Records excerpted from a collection
+ + + +
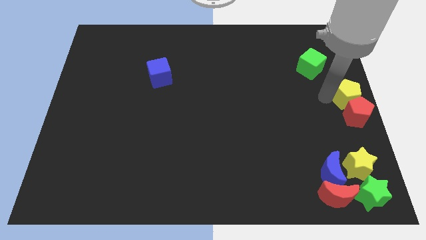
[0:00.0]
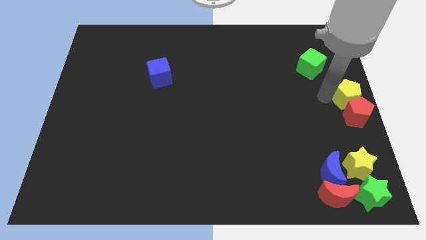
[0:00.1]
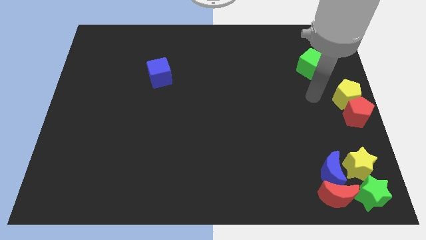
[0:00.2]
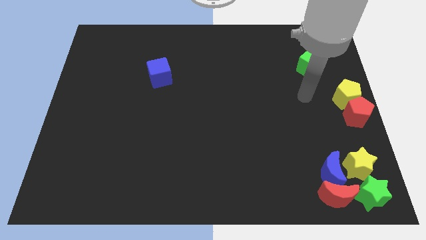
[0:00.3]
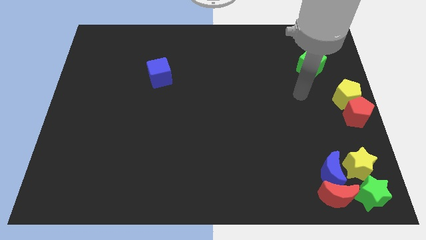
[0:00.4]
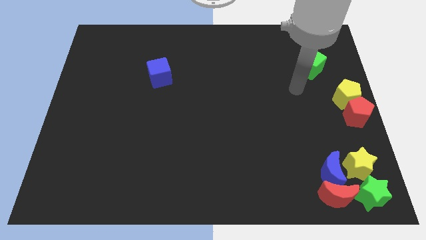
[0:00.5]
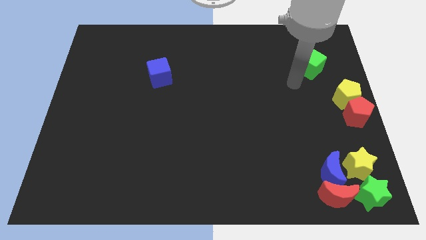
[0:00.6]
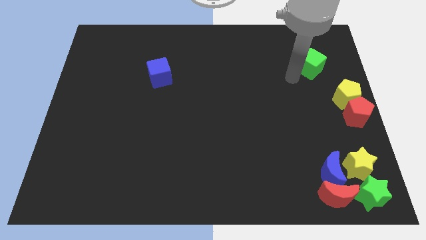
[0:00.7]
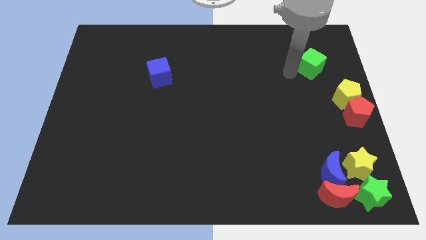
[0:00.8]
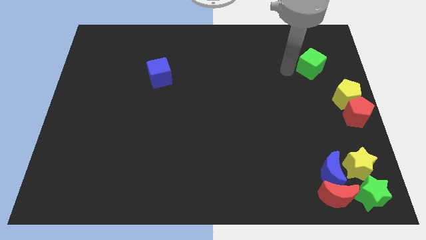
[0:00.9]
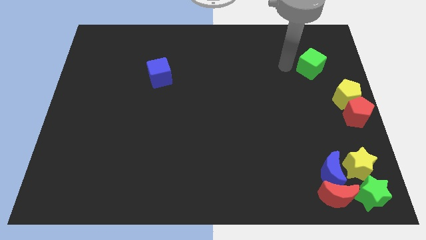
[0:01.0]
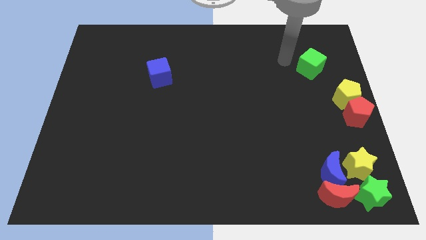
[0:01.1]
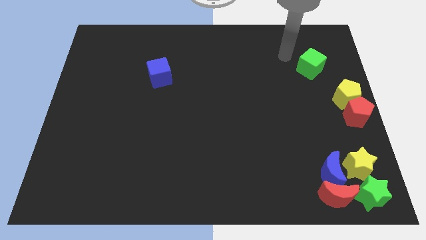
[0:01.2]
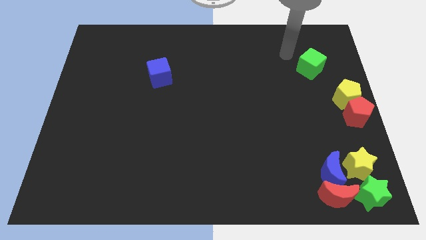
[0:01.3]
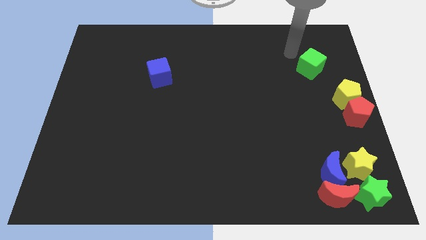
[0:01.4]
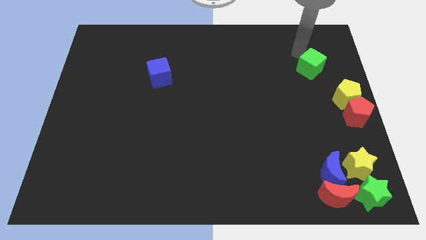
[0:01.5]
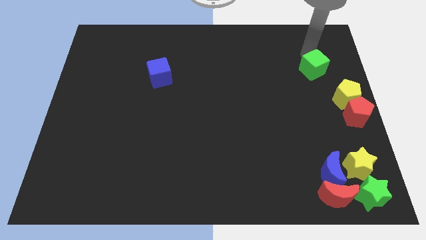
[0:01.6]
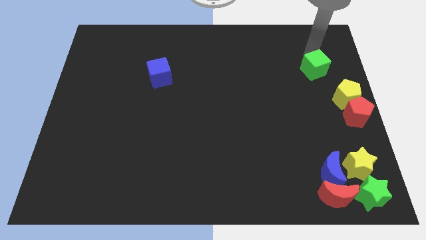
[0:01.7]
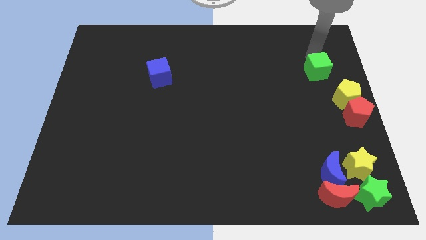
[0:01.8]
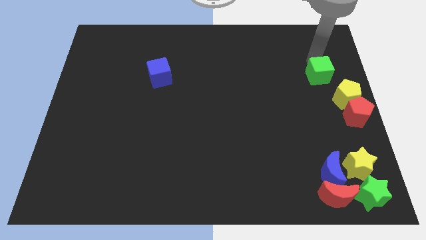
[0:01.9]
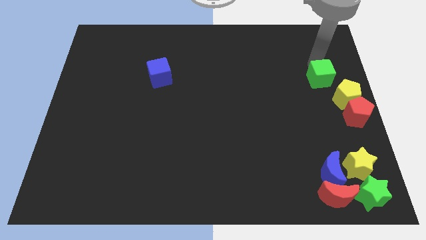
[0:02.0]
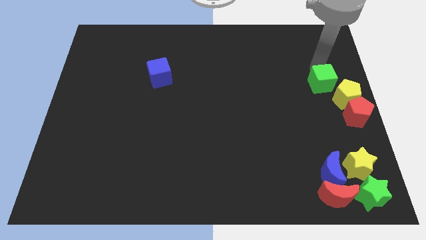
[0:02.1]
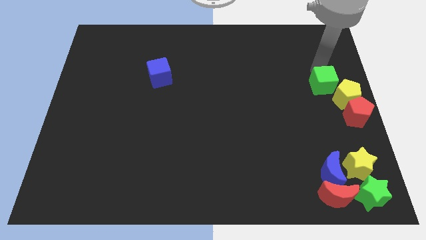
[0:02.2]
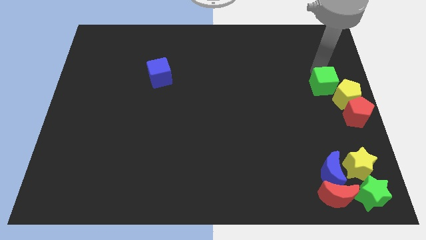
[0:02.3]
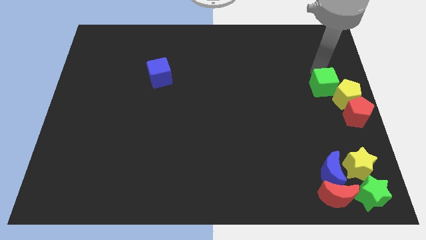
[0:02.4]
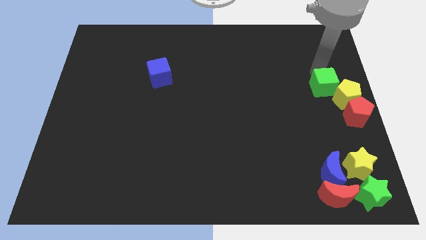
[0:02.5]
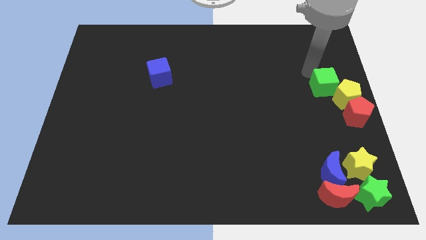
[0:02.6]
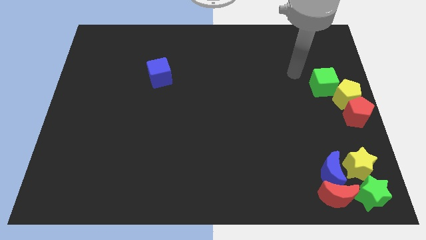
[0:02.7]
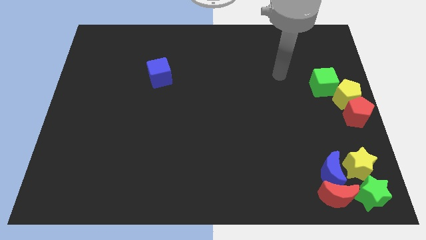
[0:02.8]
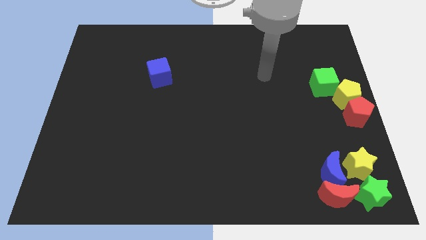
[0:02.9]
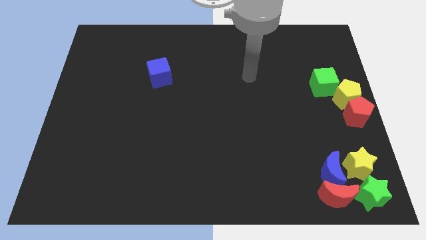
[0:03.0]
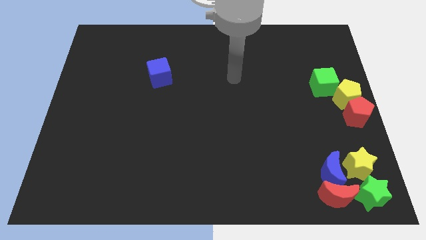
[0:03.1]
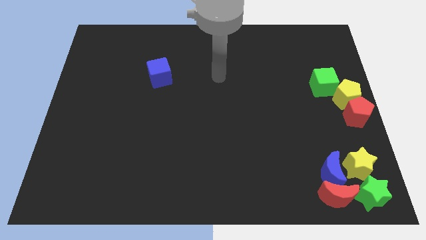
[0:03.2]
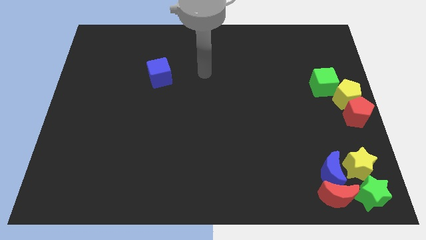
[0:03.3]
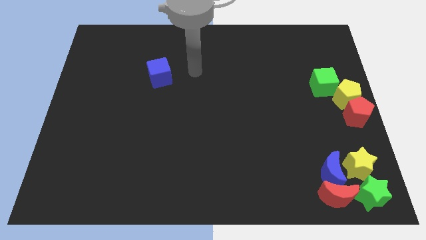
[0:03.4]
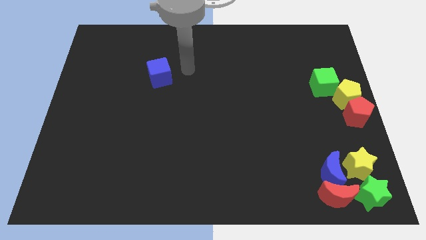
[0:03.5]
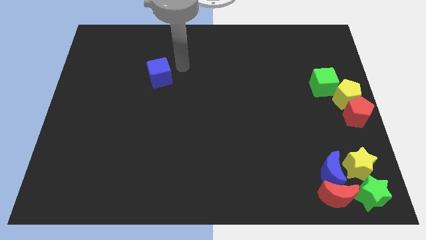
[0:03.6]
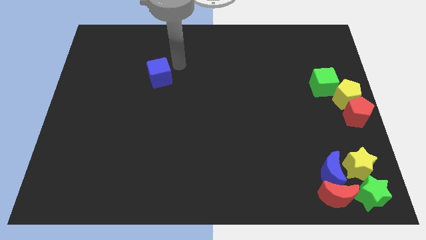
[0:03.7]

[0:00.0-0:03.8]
move the green cube to the top left of the yellow pentagon

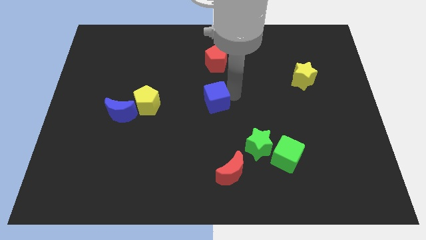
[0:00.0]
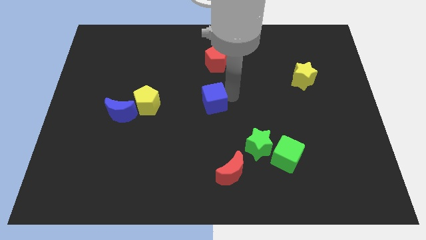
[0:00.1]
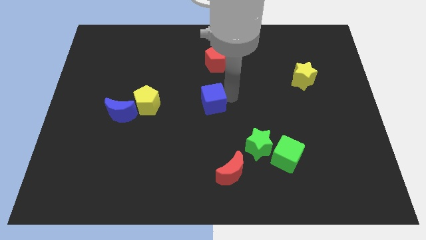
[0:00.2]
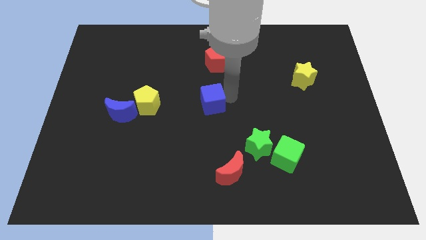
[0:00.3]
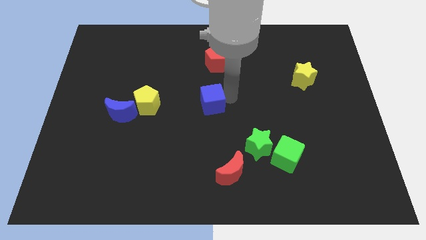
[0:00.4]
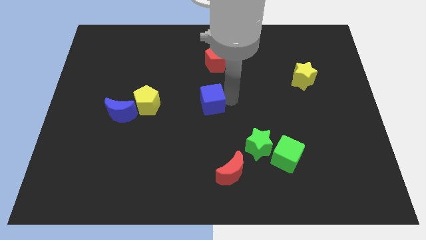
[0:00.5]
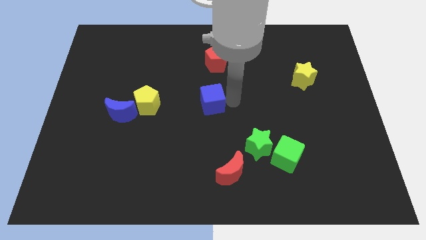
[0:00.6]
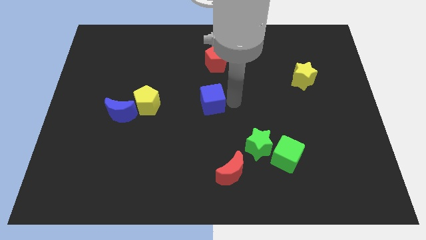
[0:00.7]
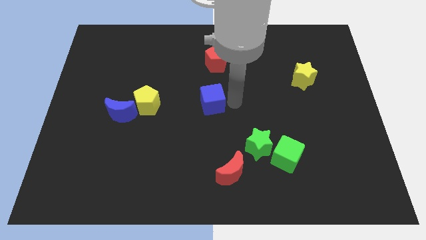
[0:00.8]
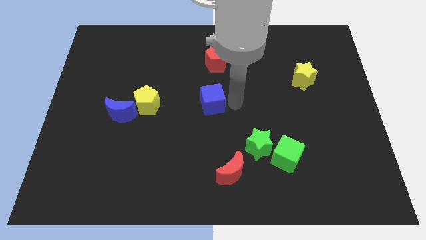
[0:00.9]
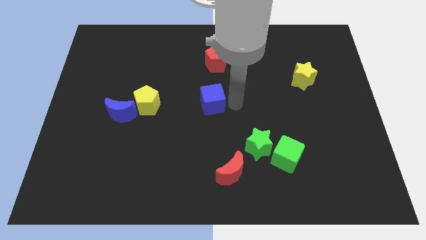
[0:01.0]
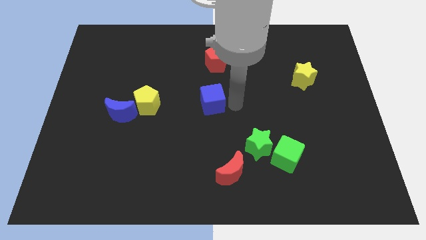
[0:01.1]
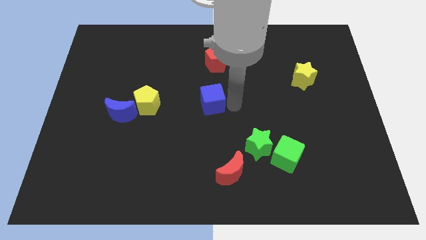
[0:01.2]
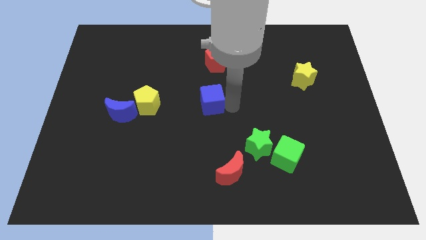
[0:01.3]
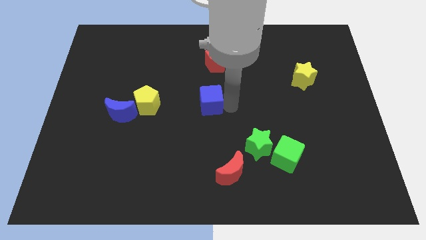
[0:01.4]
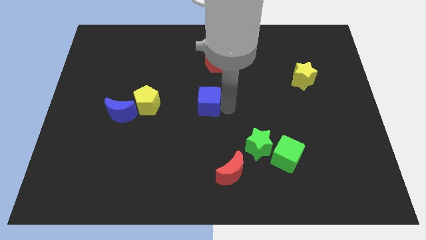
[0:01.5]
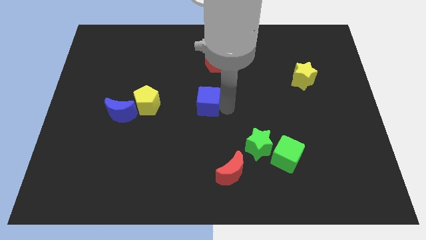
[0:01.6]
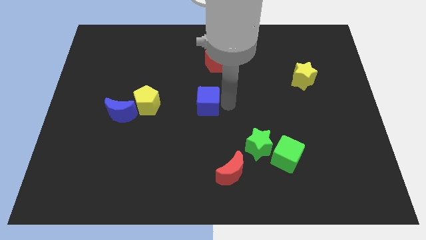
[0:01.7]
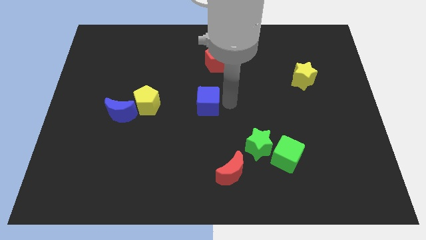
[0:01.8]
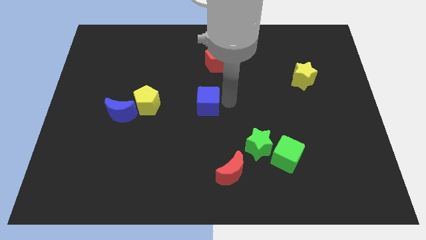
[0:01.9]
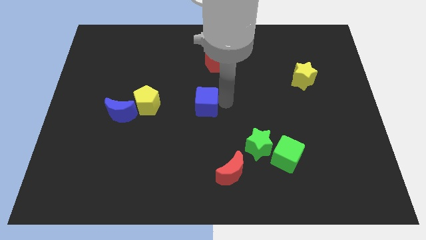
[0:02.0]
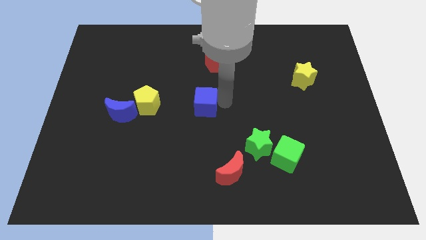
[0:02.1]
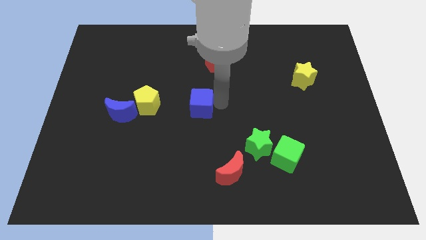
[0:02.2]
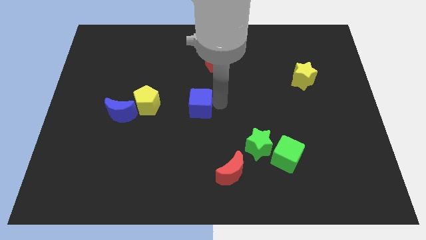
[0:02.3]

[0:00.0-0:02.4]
push the blue cube slightly to the right of the yellow pentagon
+ + + +
The entries above should be retyped exactly, minus any pictures.

Final answer:
[0:00.0]
[0:00.1]
[0:00.2]
[0:00.3]
[0:00.4]
[0:00.5]
[0:00.6]
[0:00.7]
[0:00.8]
[0:00.9]
[0:01.0]
[0:01.1]
[0:01.2]
[0:01.3]
[0:01.4]
[0:01.5]
[0:01.6]
[0:01.7]
[0:01.8]
[0:01.9]
[0:02.0]
[0:02.1]
[0:02.2]
[0:02.3]
[0:02.4]
[0:02.5]
[0:02.6]
[0:02.7]
[0:02.8]
[0:02.9]
[0:03.0]
[0:03.1]
[0:03.2]
[0:03.3]
[0:03.4]
[0:03.5]
[0:03.6]
[0:03.7]

[0:00.0-0:03.8]
move the green cube to the top left of the yellow pentagon

[0:00.0]
[0:00.1]
[0:00.2]
[0:00.3]
[0:00.4]
[0:00.5]
[0:00.6]
[0:00.7]
[0:00.8]
[0:00.9]
[0:01.0]
[0:01.1]
[0:01.2]
[0:01.3]
[0:01.4]
[0:01.5]
[0:01.6]
[0:01.7]
[0:01.8]
[0:01.9]
[0:02.0]
[0:02.1]
[0:02.2]
[0:02.3]

[0:00.0-0:02.4]
push the blue cube slightly to the right of the yellow pentagon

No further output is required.